Farmers’ Rights for Reducing Hunger and Poverty

Farmers’ Rights for Reducing Hunger and Poverty

Juanita Chaves Posada, working on behalf of the Global Forum on Agricultural Research (GFAR) is on a mission. She is passionate about informing smallholder farmers in developing countries about their rights. She is passionate about finding ways to translate those rights into practice. The rights she is championing flow from what subsistence farmers have cultivated, protected and shared for thousands of years – seeds – and our food security depends on them.

The indigenous farmer, with little access to bigger markets, actually enables bigger markets to exist. Without his (very often her) quiet innovation, adapting the genetic properties of seeds to meet real consumer and real climate needs, we would not have the choice and quality of food that today we take for granted. In fact, without the traditional knowledge and generosity of the smallholder farmer, the world’s food security, already compromised by climate change, would be seriously threatened.

The good news is that these smallholder farmers can help the world respond to climate change. Indeed they already are helping and always have—but in order for their contribution to be effective and timely, two things need to happen.  First, the farmers themselves need to be aware of their rights as smallholder farmers and the importance of their role. Second, their rights and that role need to be recognized and rewarded by others. This is where Juanita comes in. “Farmers’ rights are human rights, collective human rights,” she says. “They are essential not only for food security but also for reducing hunger and poverty. But often even the farmers do not realize the importance of their role.”

Farmers’ rights were recognized as a counterbalance to the 1961 declaration by the international community of rights to breeders on new varieties of plants. Breeders’ rights imply that the breeder has the right to authorize actions taken by others on the new variety, including selling and marketing, importing and exporting, keeping stock and reproducing it. On the other hand, the rights of farmers over plant genetic resources used as raw materials for further innovations and the development of new plant varieties were not recognized by the international community until 2001. The International Treaty on Plant Genetic Resources for Food and Agriculture, currently with approximately 132 Contracting Parties recognizes farmers’ rights and the realization of those rights is left to national governments.

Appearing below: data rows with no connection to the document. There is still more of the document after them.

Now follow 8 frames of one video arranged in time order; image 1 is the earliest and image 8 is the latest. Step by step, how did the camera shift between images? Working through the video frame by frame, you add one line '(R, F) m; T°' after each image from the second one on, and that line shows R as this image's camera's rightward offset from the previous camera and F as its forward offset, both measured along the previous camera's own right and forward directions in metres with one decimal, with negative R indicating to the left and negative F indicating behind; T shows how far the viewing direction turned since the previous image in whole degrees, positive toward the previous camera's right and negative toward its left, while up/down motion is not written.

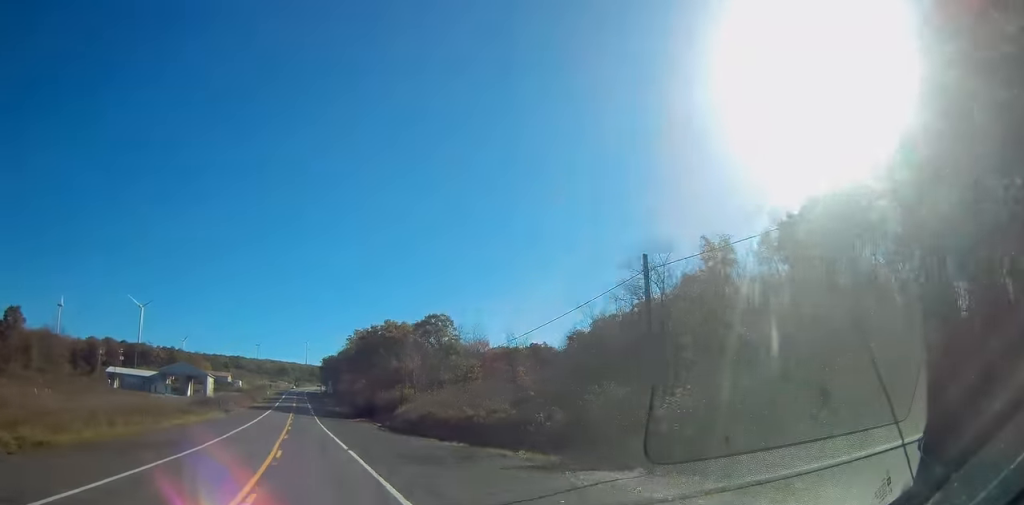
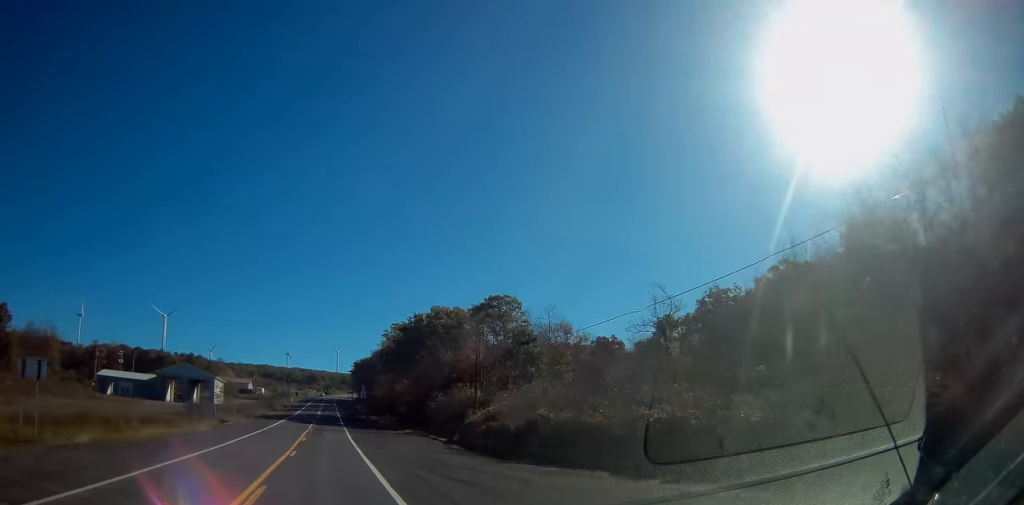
(-0.5, +23.2) m; -2°
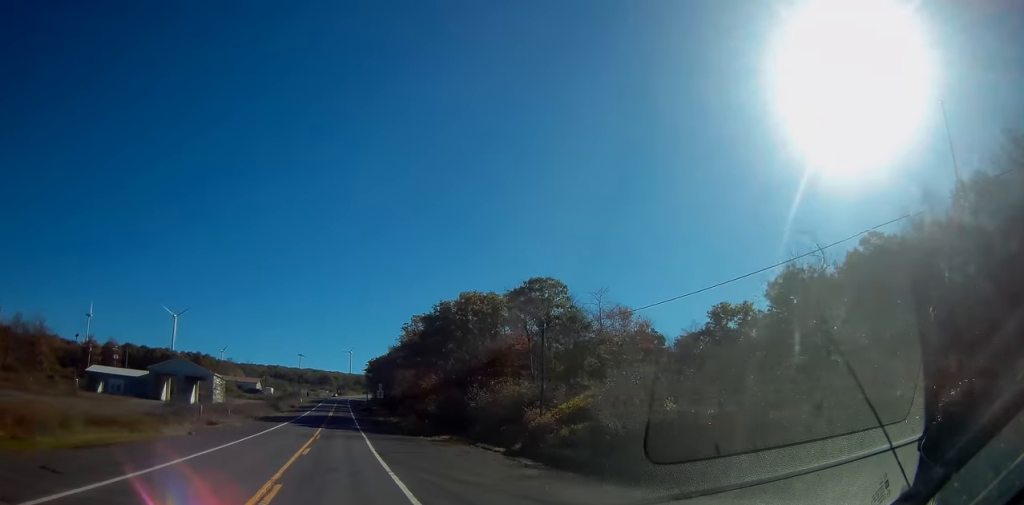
(-0.1, +12.3) m; -1°
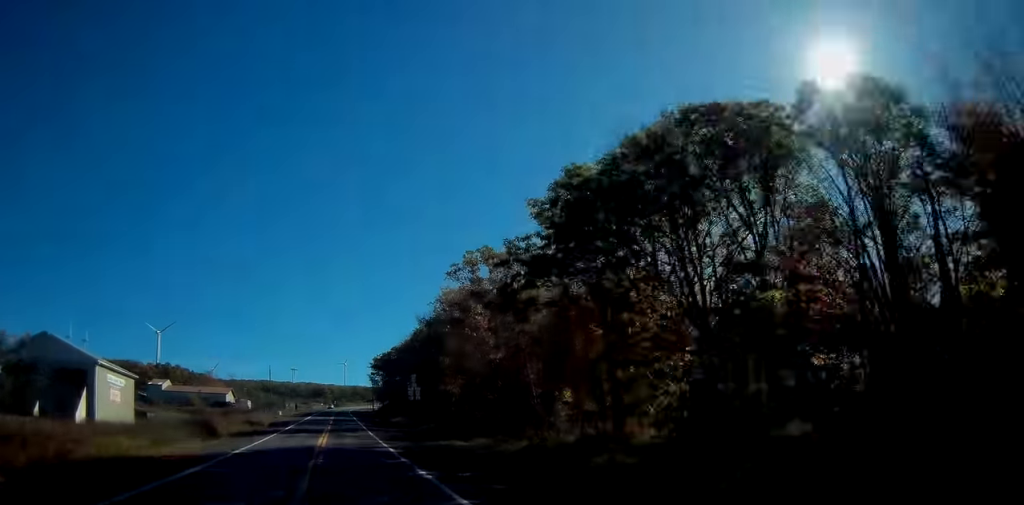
(-1.2, +52.1) m; -1°
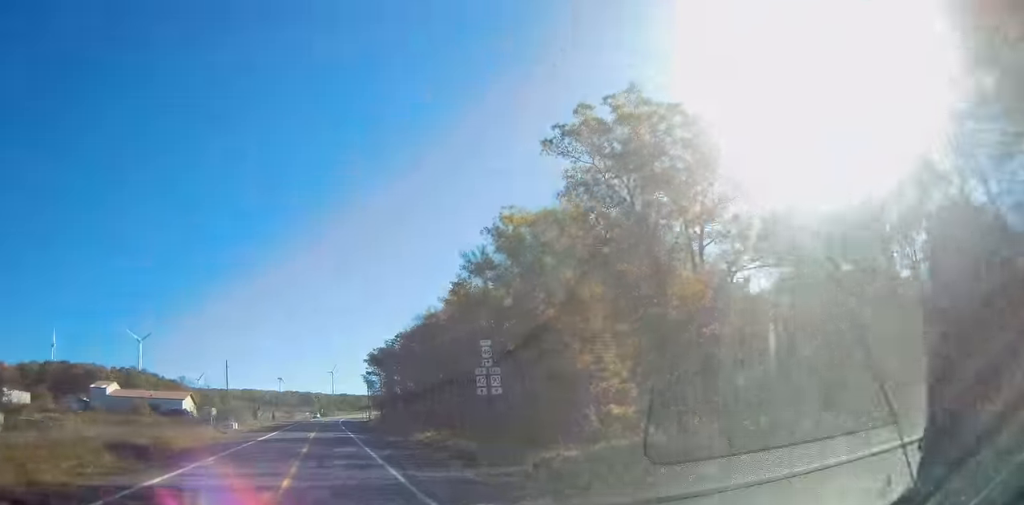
(+0.3, +34.8) m; +1°
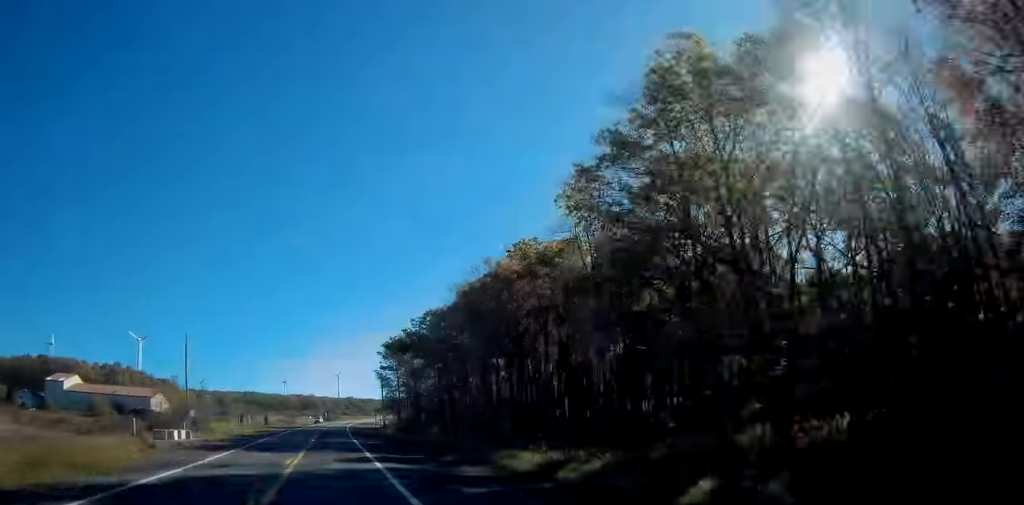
(+0.2, +24.9) m; 0°
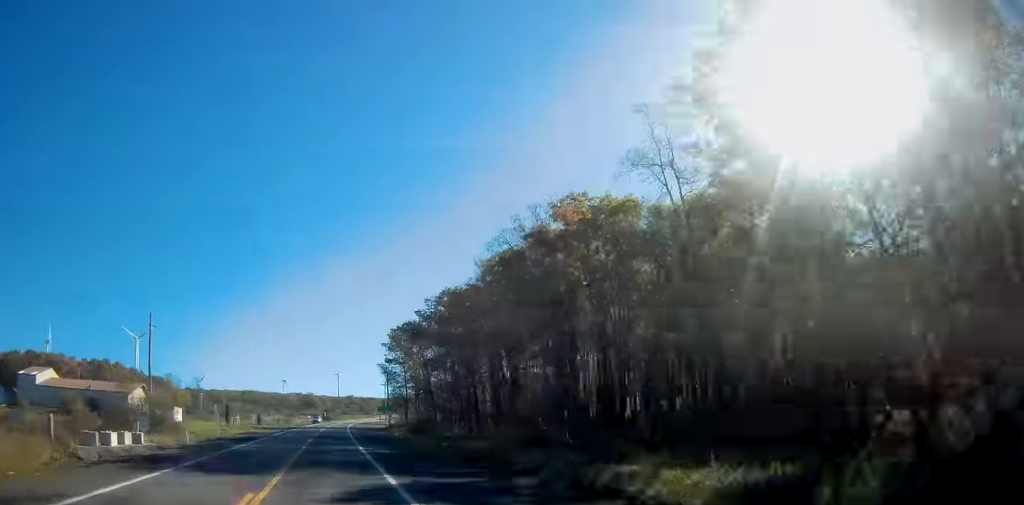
(0.0, +11.3) m; 0°
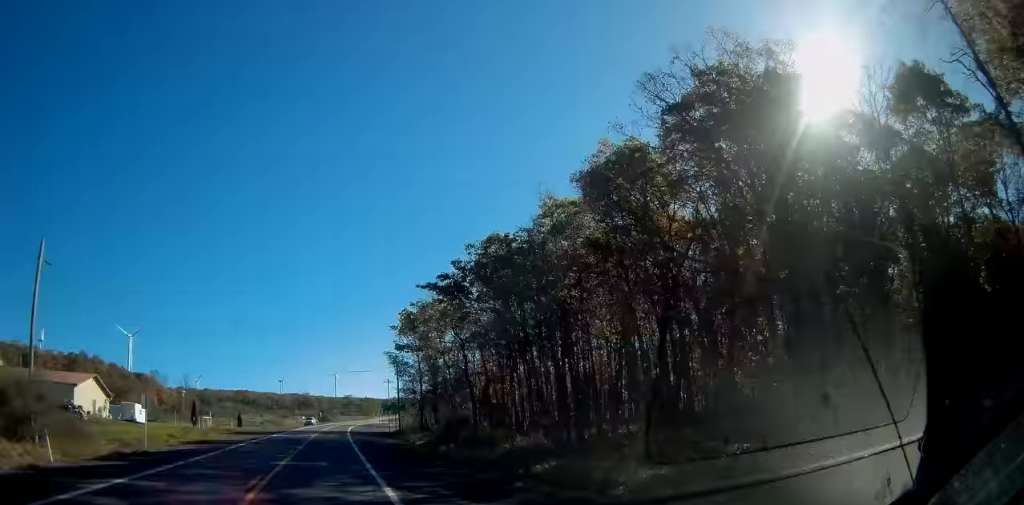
(-0.1, +18.8) m; 0°

Often farmers do not know that their country is a signatory to the Treaty, let alone that these rights exist

Often, however, farmers do not know that their country is a signatory to the treaty, let alone that farmers’ rights exist. Indeed, when Juanita asked farmers’ organisations in Guatemala what they most needed in order to exercise their rights, the answer was resounding. They needed information about their rights. Juanita is therefore spearheading GFAR’s efforts to bring that information to both farmers and governments. She has organized and run numerous meetings with multiple stakeholders, particularly farmer organizations, and from that experience has produced six awareness-raising booklets. She has also engaged decision-makers in the Guatemalan Government and discovered that governments too need support. She has therefore drawn up steps that governments could follow in order to develop national legislation on farmers’ rights.

Next, she will take what she has learned in Guatemala to Honduras, Nicaragua and Malawi. She does not have all the answers. She is very aware of the challenges.

“The difference between plant genetic resources and other natural resources is human.  Without people, the seeds that feed the world would not exist. Because ownership of the genetics nurtured by the smallholder farmer is collective, it is difficult to measure their rights in monetary terms. Yet, potentially, they are a much-needed source of income.”

Translating farmers’ rights from theory into practice is not straightforward. From her observations to date, however, Juanita is convinced of the need for three types of action.

The first is communication via a process that is inclusive and participatory. Meetings and information flow need to involve all stakeholders - smallholder farmers, public sector decision-makers and private enterprise investors. International partners like GFAR can be crucial in getting this underway. Smallholder farmers, especially women farmers who are often the principle holders of traditional knowledge, need to be given a voice.

The second is support to governments for the development of legislation and implementation of farmers’ rights. Governments need help to conceive of farmers’ rights as integral to addressing their other priorities e.g., climate change, so that the implementation of those rights can be included under established budgets.

Third, GFAR and international consultation processes like the Global Conference on Agricultural Research for Development must be venues not only for motivational communication and sharing of experiences, important as both those are. They must also be venues for the harnessing of political will and for action-oriented advice that speaks directly to the situation back home, on the ground.

Looking forward, might a lead country emerge, help set an example and create a race to the top? Might a strong female figurehead come onto the scene and become a game-changer? Working on behalf of GFAR, Juanita will continue to raise awareness, bridge interests and demonstrate through practice that we are all actors in the same future.